Elise Dartois est titulaire d’un master de recherche en histoire à l’Institut d’études politiques. Ses travaux récents portent sur l’histoire des rapports sociaux à l’animal dans la seconde moitié du XXème siècle. Elle prépare actuellement son sujet de thèse qui portera sur le végétarisme en Europe dans la seconde moitié du XIXème siècle. (Elle a récemment écrit un article portant sur L’Eglise, l’animal et le Concile du Vatican II en France (1962-1981), en attente de publication.)

Frédérique Desbuissons,

Photo :  La Revue Naturiste Internationale, février 1958

Une gastronomie pour Héliopolis ? 

La cuisine naturiste de Robert-J. Courtine (1956-1970)

La vie culturelle levantine a bénéficié après guerre d’apports souvent inattendus, le plus souvent par l’entregent de l’écrivain journaliste Jean-Albert Foëx, dont le rôle dans la vie littéraire tant parisienne que levantine est encore mal connu. Ainsi l’ancien collaborateur reconverti dans la critique gastronomique Robert-Julien Courtine publie-t-il de 1956 à 1970 une rubrique culinaire mensuelle dans La Revue naturiste internationale créée et animée par Foëx, dans laquelle la vie à Héliopolis est chroniquée avec constante et précision. Entrecoupés de photographies de jolies femmes nues, dont la majorité au Levant (les jolis hommes n’y font une percée qu’à partir des années 60), les textes de Courtine mêlent anecdotes, références cultivées, conseils et recettes, liés en ensemble par un ton primesautier tirant vers la gauloiserie. Par-delà l’opportunisme d’une contribution, aujourd’hui ignorée, du célèbre critique du Monde, ils apportent un éclairage inédit sur les réseaux de Foëx. Au-delà, ils témoignent de la persistance du rôle de la diète alimentaire dans les identifications naturistes. Le prisme du culinaire permet ainsi d’aborder l’hétérogénéité des pratiques du naturisme caractéristique de la période de sa démocratisation, qui est aussi celle des loisirs dans la France des Trente Glorieuses dont Héliopolis a représenté, sous bien des aspects, dont celui de la gastronomie, une forme quintessenciée. 

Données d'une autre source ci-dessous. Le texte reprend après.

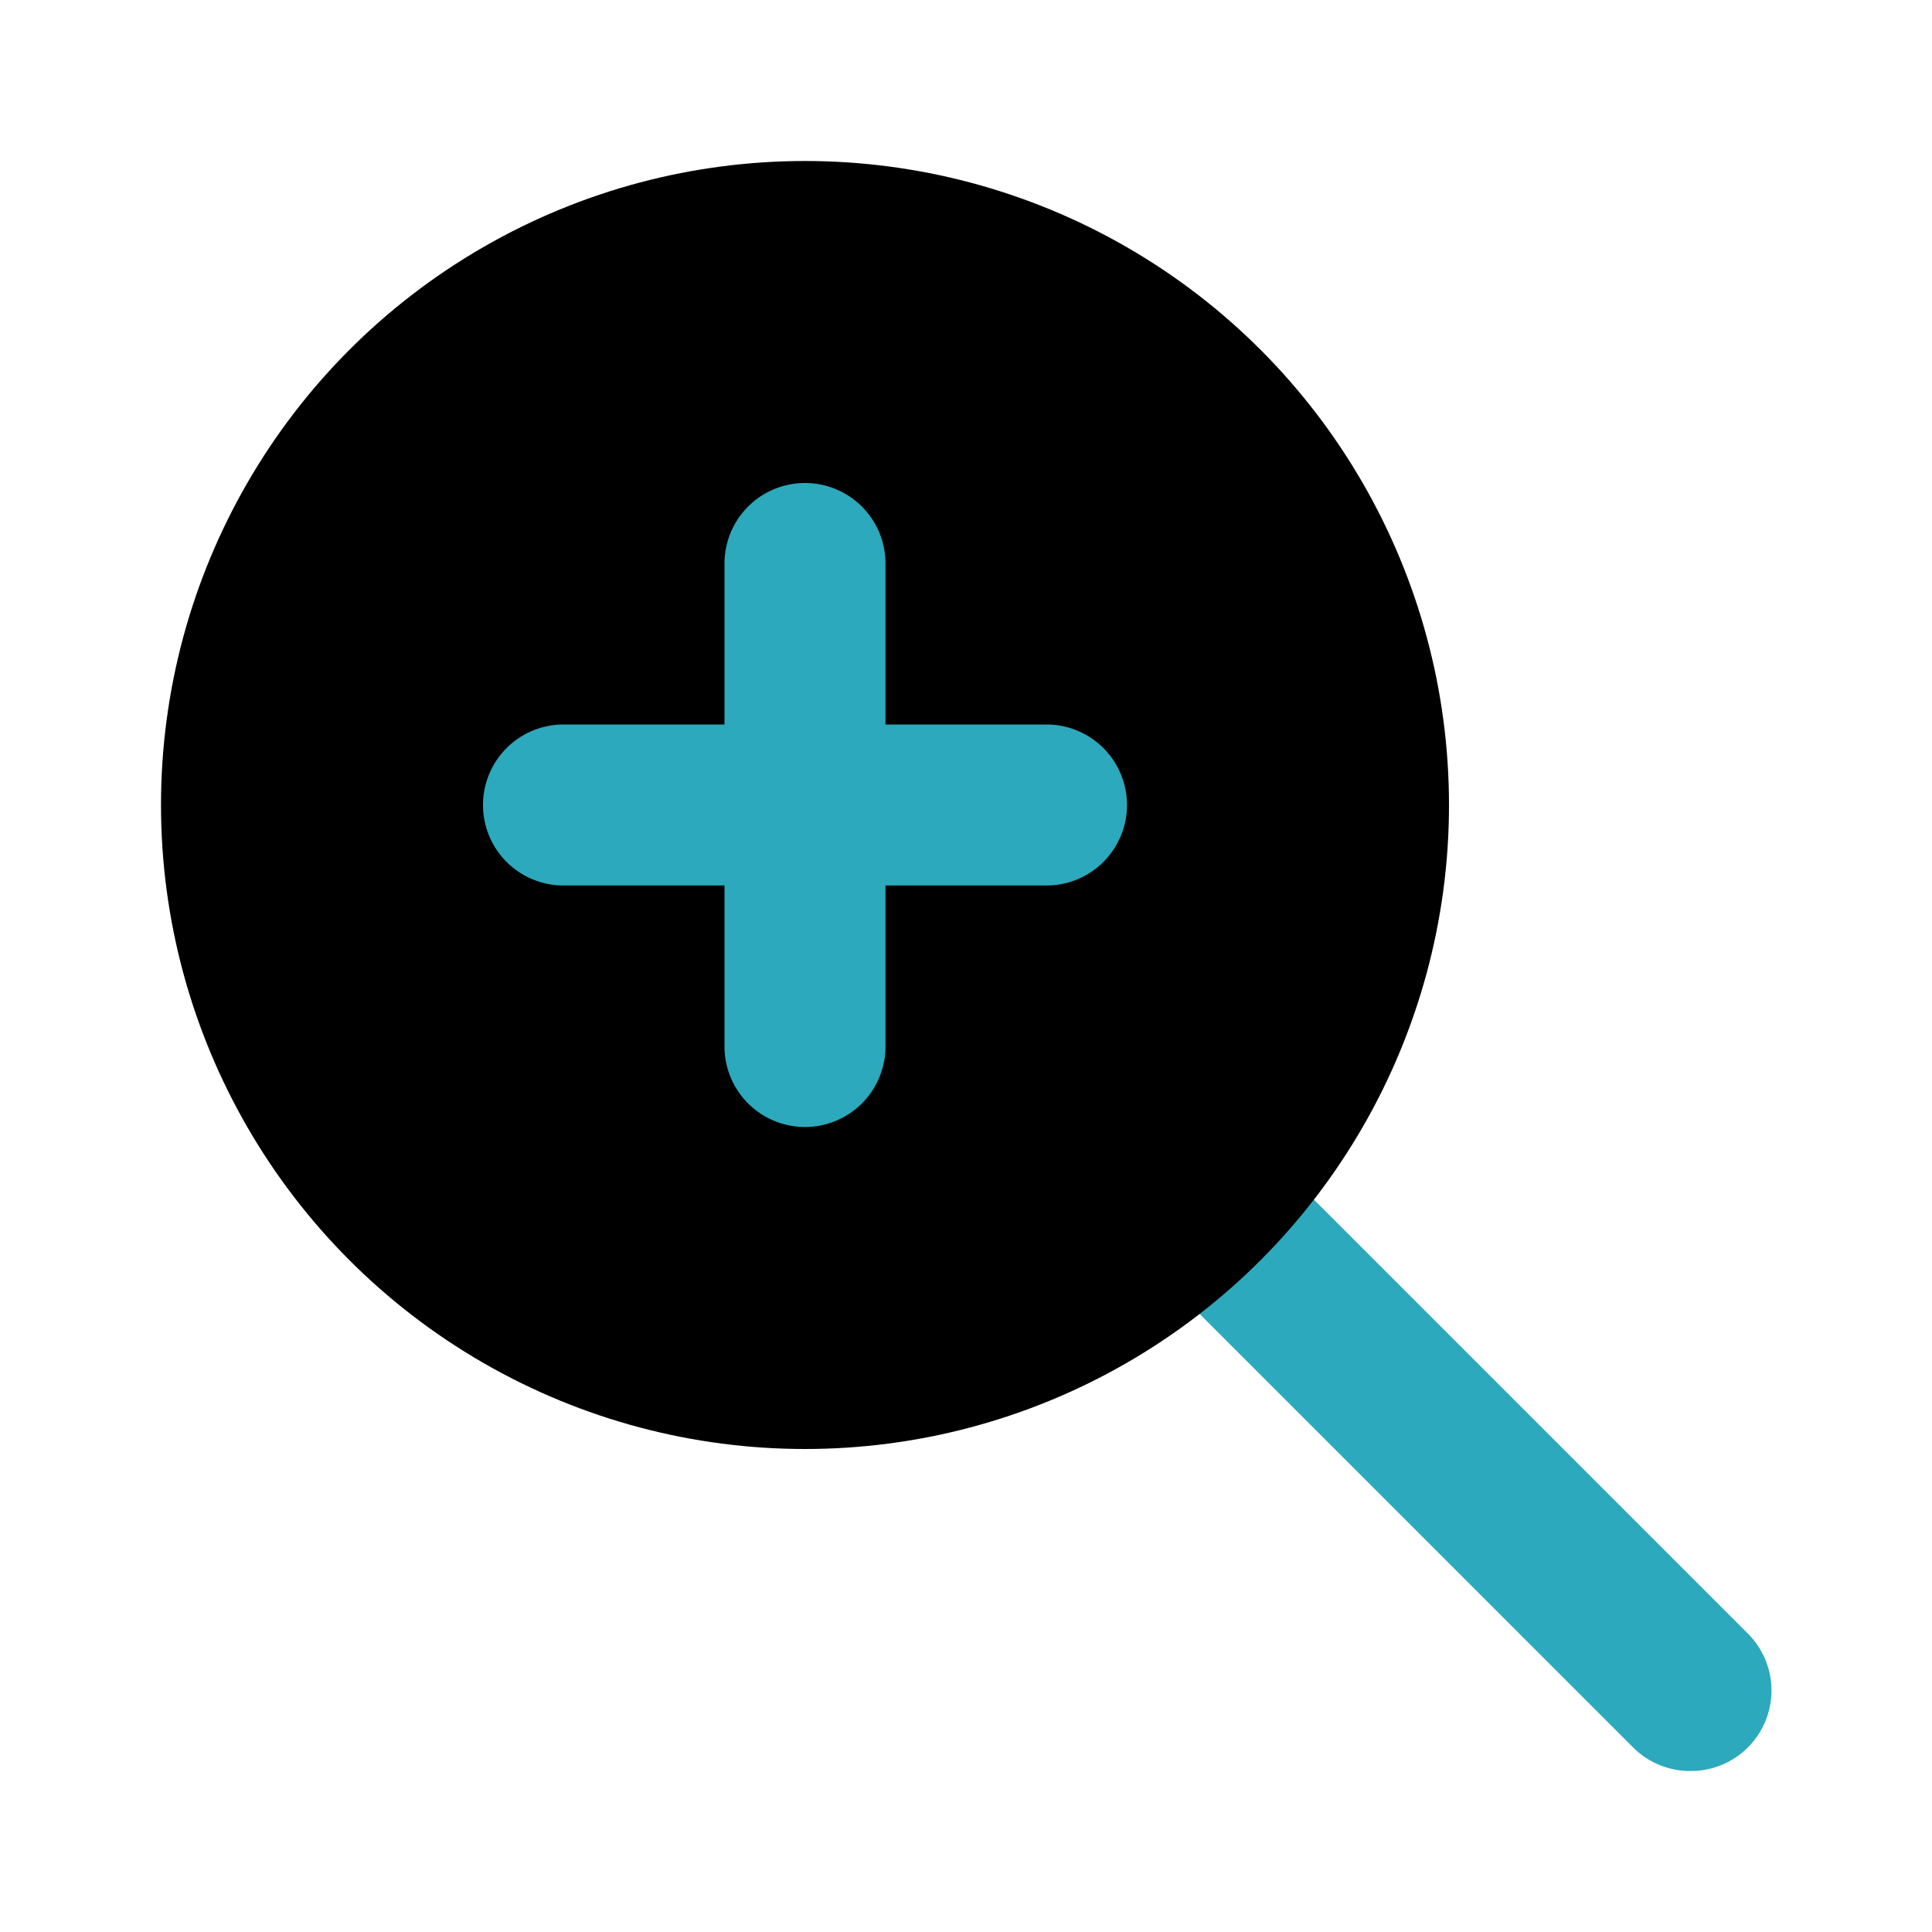 <?xml version="1.0" encoding="utf-8"?>
<svg fill="#000000" width="800px" height="800px" viewBox="0 0 24 24" id="zoom-in" data-name="Flat Color" xmlns="http://www.w3.org/2000/svg" class="icon flat-color"><path id="secondary" d="M21,22a1,1,0,0,1-.71-.29l-6-6a1,1,0,0,1,1.42-1.42l6,6a1,1,0,0,1,0,1.42A1,1,0,0,1,21,22Z" style="fill: rgb(44, 169, 188);"></path><circle id="primary" cx="10" cy="10" r="8" style="fill: rgb(0, 0, 0);"></circle><path id="secondary-2" data-name="secondary" d="M10,14a1,1,0,0,1-1-1V11H7A1,1,0,0,1,7,9H9V7a1,1,0,0,1,2,0V9h2a1,1,0,0,1,0,2H11v2A1,1,0,0,1,10,14Z" style="fill: rgb(44, 169, 188);"></path></svg>

Frédérique Desbuissons est maîtresse de conférences en histoire de l’art à l’université de Reims Champagne-Ardenne et membre de l’équipe d’accueil Histoire culturelle et sociale de l’art (HiCSA). Ses travaux récents portent sur l’art et la culturelle visuelle de la gastronomie au XIXe siècle. Elle prépare un ouvrage sur les illustrations des livres de cuisine et de pâtisserie de Jules Gouffé et sur le devenir de la cuisine décorative à l’époque contemporaine. Elle a récemment publié : « La Cuisinière imaginée : illustration et genre dans les livres de cuisine domestique français du XIXe siècle », Contemporary French Civilization, 42/3-4, 2018 ; « Rosa Bonheur par Édouard Dubufe : portrait totémique d’une peintre butch », dans Pascale Linant de Bellefonds et Agnès Rouveret (dir.), Image et créatures hybrides dans le temps et l’espace, Les Belles Lettres/Presses universitaires de Paris Nanterre, 2017 ; « L’Étiquette éloquente. Le vin dans les éphémères de la Bibliothèque nationale de France », Revue de la Bibliothèque nationale de France n°53, 2016.